Retype the records below exactly as they stand, omitting the pictures.
** Opening RECORDED INFORMATION block **
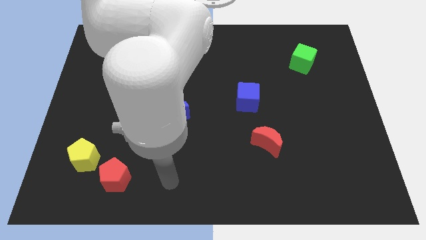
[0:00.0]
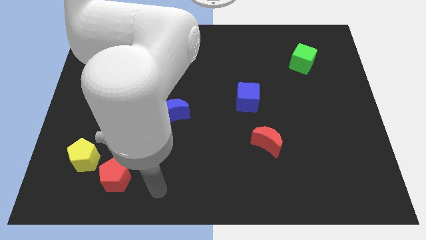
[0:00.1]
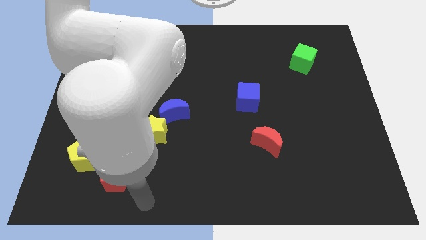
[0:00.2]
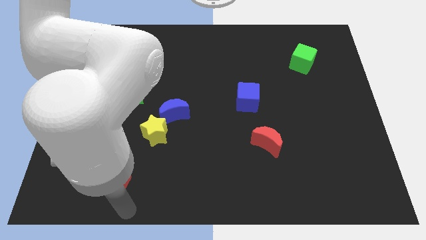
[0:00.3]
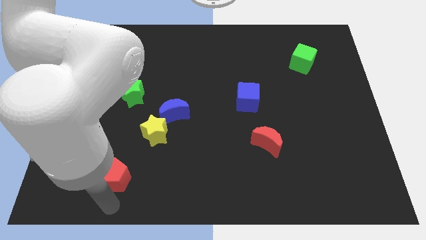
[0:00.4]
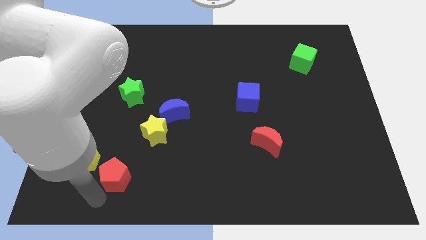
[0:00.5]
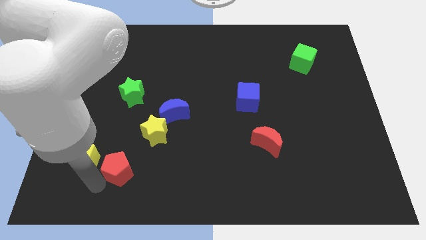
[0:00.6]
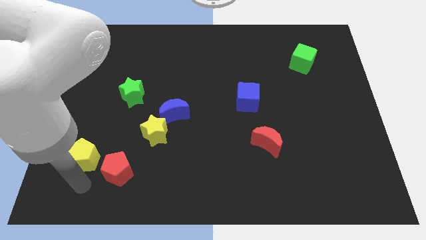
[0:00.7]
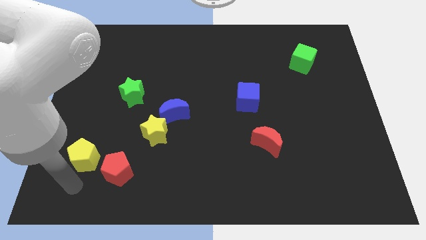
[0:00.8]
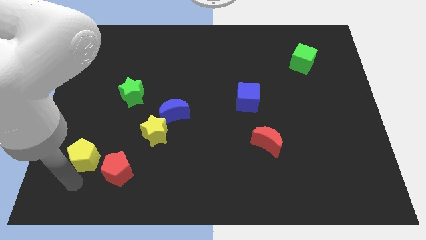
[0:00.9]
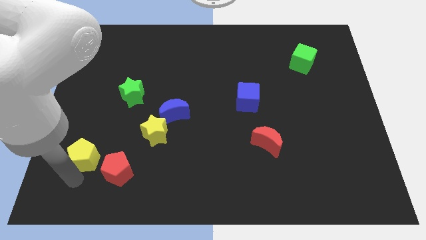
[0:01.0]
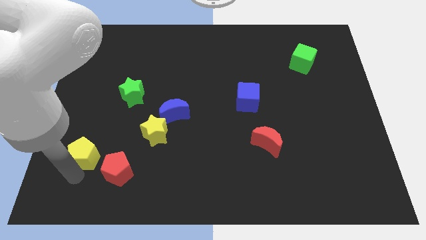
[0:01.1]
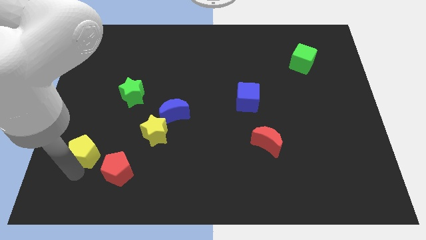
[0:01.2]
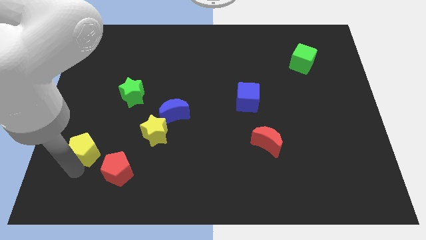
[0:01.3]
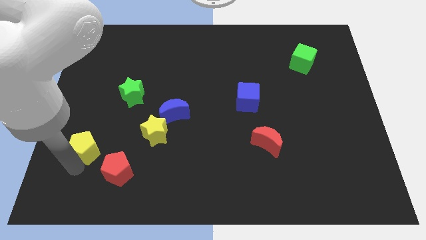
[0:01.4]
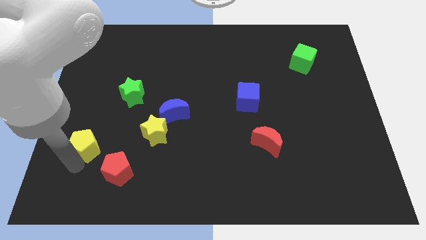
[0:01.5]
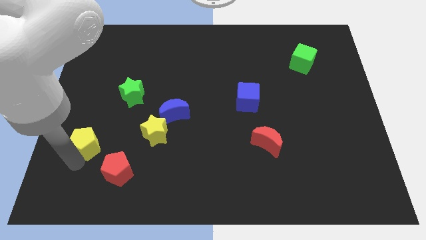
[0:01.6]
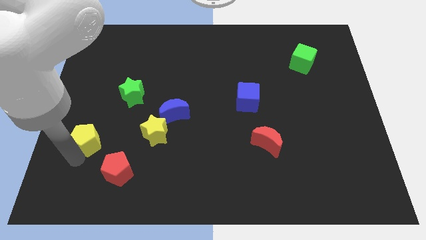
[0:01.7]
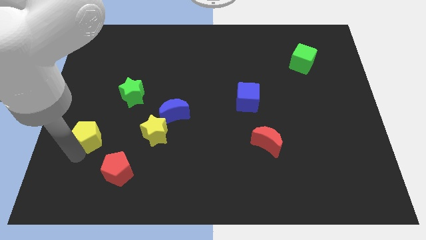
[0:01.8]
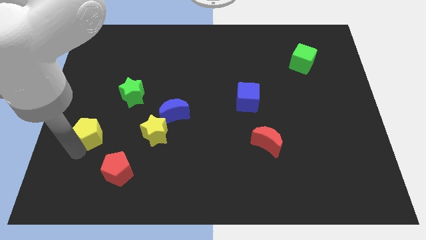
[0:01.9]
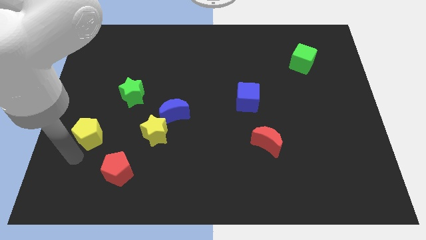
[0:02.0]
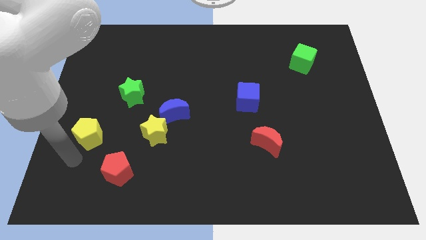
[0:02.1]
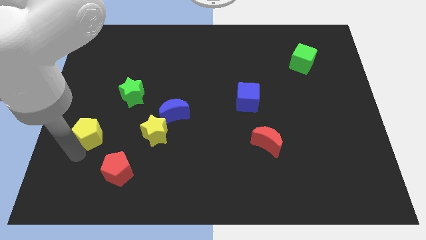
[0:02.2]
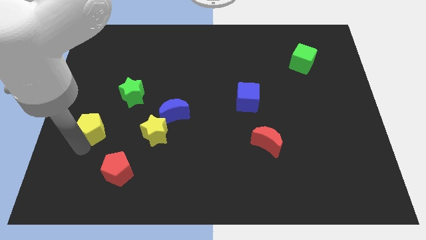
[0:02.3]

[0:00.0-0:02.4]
** Closing RECORDED INFORMATION block **
• [TASK OUTPUT]:
[0:00.0]
[0:00.1]
[0:00.2]
[0:00.3]
[0:00.4]
[0:00.5]
[0:00.6]
[0:00.7]
[0:00.8]
[0:00.9]
[0:01.0]
[0:01.1]
[0:01.2]
[0:01.3]
[0:01.4]
[0:01.5]
[0:01.6]
[0:01.7]
[0:01.8]
[0:01.9]
[0:02.0]
[0:02.1]
[0:02.2]
[0:02.3]

[0:00.0-0:02.4]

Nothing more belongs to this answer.